**Try it:** Pictures stay out; please output the remaining data exactly.

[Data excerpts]
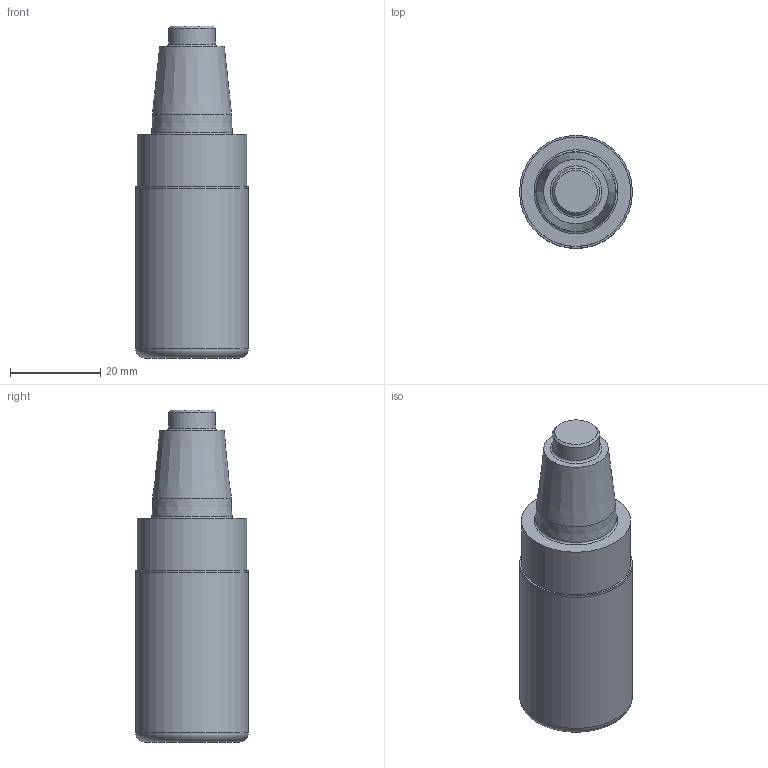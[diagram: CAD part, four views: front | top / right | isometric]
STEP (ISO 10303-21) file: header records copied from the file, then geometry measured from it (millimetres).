
FILE_DESCRIPTION(/* description */ (''),/* implementation_level */ '2;1');
FILE_NAME(/* name */ 'XSE720E25250D3R200Z6_Basic.stp',/* time_stamp */ '2022-07-13T15:57:57+05:00',/* author */ (''),/* organization */ (''),/* preprocessor_version */ 'ST-DEVELOPER v16.7',/* originating_system */ 'SIEMENS PLM Software NX 12.0',/* authorisation */ '');
FILE_SCHEMA (('AUTOMOTIVE_DESIGN { 1 0 10303 214 3 1 1 1 }'));
Length unit declared in the file: millimetre
Products named in the file (1): inpu43DC1522w1m9
Bounding box: 25 x 25 x 73.5 mm (x, y, z)
Volume: 28344.4 mm3; surface area: 6788.9 mm2
Topology: 2 solids, 2 shells, 17 faces, 28 edges, 22 vertices
Faces by surface type: plane 7, cylinder 4, cone 3, torus 3
Full cylindrical faces by diameter (mm): 10.4 x1, 24.2 x1, 25 x2
Entity records: 435 total; most frequent: DIRECTION 72, CARTESIAN_POINT 71, AXIS2_PLACEMENT_3D 36, EDGE_LOOP 30, ORIENTED_EDGE 30, FACE_BOUND 26, ADVANCED_FACE 17, VERTEX_POINT 15
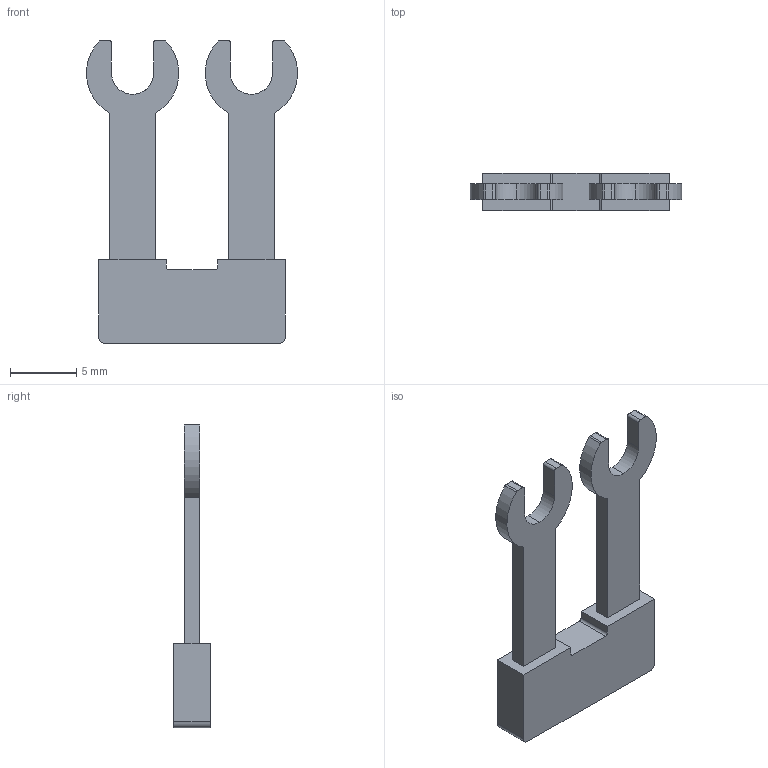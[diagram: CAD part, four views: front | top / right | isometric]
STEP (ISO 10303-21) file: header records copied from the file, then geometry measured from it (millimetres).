
FILE_DESCRIPTION(('CATIA V5 STEP Exchange','CAx-IF Rec.Pracs.--- Model Styling and Organization---1.4--- 2014-01-23'),'2;1');
FILE_NAME ('D1463473_0', '2020-07-28T06:15:25+00:00', ('none'), ('Weidmueller'), 'CATIA Version 5-6 Release 2016 SP3 HF44', 'CATIA V5 STEP AP214', 'none');
FILE_SCHEMA(('AUTOMOTIVE_DESIGN { 1 0 10303 214 1 1 1 1 }'));
Length unit declared in the file: millimetre
Products named in the file (1): 2615190000
Bounding box: 15.99 x 2.8 x 23 mm (x, y, z)
Volume: 389.4 mm3; surface area: 654.6 mm2
Topology: 3 solids, 3 shells, 48 faces, 126 edges, 84 vertices
Faces by surface type: plane 28, cylinder 20
Entity records: 1528 total; most frequent: CARTESIAN_POINT 335, ORIENTED_EDGE 252, DIRECTION 210, EDGE_CURVE 126, VECTOR 86, LINE 86, VERTEX_POINT 84, AXIS2_PLACEMENT_3D 79

**Exercise solution:**
[diagram: CAD part, four views: front | top / right | isometric]
STEP (ISO 10303-21) file: header records copied from the file, then geometry measured from it (millimetres).
FILE_DESCRIPTION(/* description */ (''),/* implementation_level */ '2;1');
FILE_NAME(/* name */ 'XSE720E25250D3R200Z6_Basic.stp',/* time_stamp */ '2022-07-13T15:57:57+05:00',/* author */ (''),/* organization */ (''),/* preprocessor_version */ 'ST-DEVELOPER v16.7',/* originating_system */ 'SIEMENS PLM Software NX 12.0',/* authorisation */ '');
FILE_SCHEMA (('AUTOMOTIVE_DESIGN { 1 0 10303 214 3 1 1 1 }'));
Length unit declared in the file: millimetre
Products named in the file (1): inpu43DC1522w1m9
Bounding box: 25 x 25 x 73.5 mm (x, y, z)
Volume: 28344.4 mm3; surface area: 6788.9 mm2
Topology: 2 solids, 2 shells, 17 faces, 28 edges, 22 vertices
Faces by surface type: plane 7, cylinder 4, cone 3, torus 3
Full cylindrical faces by diameter (mm): 10.4 x1, 24.2 x1, 25 x2
Entity records: 435 total; most frequent: DIRECTION 72, CARTESIAN_POINT 71, AXIS2_PLACEMENT_3D 36, EDGE_LOOP 30, ORIENTED_EDGE 30, FACE_BOUND 26, ADVANCED_FACE 17, VERTEX_POINT 15
[diagram: CAD part, four views: front | top / right | isometric]
STEP (ISO 10303-21) file: header records copied from the file, then geometry measured from it (millimetres).
FILE_DESCRIPTION(('CATIA V5 STEP Exchange','CAx-IF Rec.Pracs.--- Model Styling and Organization---1.4--- 2014-01-23'),'2;1');
FILE_NAME ('D1463473_0', '2020-07-28T06:15:25+00:00', ('none'), ('Weidmueller'), 'CATIA Version 5-6 Release 2016 SP3 HF44', 'CATIA V5 STEP AP214', 'none');
FILE_SCHEMA(('AUTOMOTIVE_DESIGN { 1 0 10303 214 1 1 1 1 }'));
Length unit declared in the file: millimetre
Products named in the file (1): 2615190000
Bounding box: 15.99 x 2.8 x 23 mm (x, y, z)
Volume: 389.4 mm3; surface area: 654.6 mm2
Topology: 3 solids, 3 shells, 48 faces, 126 edges, 84 vertices
Faces by surface type: plane 28, cylinder 20
Entity records: 1528 total; most frequent: CARTESIAN_POINT 335, ORIENTED_EDGE 252, DIRECTION 210, EDGE_CURVE 126, VECTOR 86, LINE 86, VERTEX_POINT 84, AXIS2_PLACEMENT_3D 79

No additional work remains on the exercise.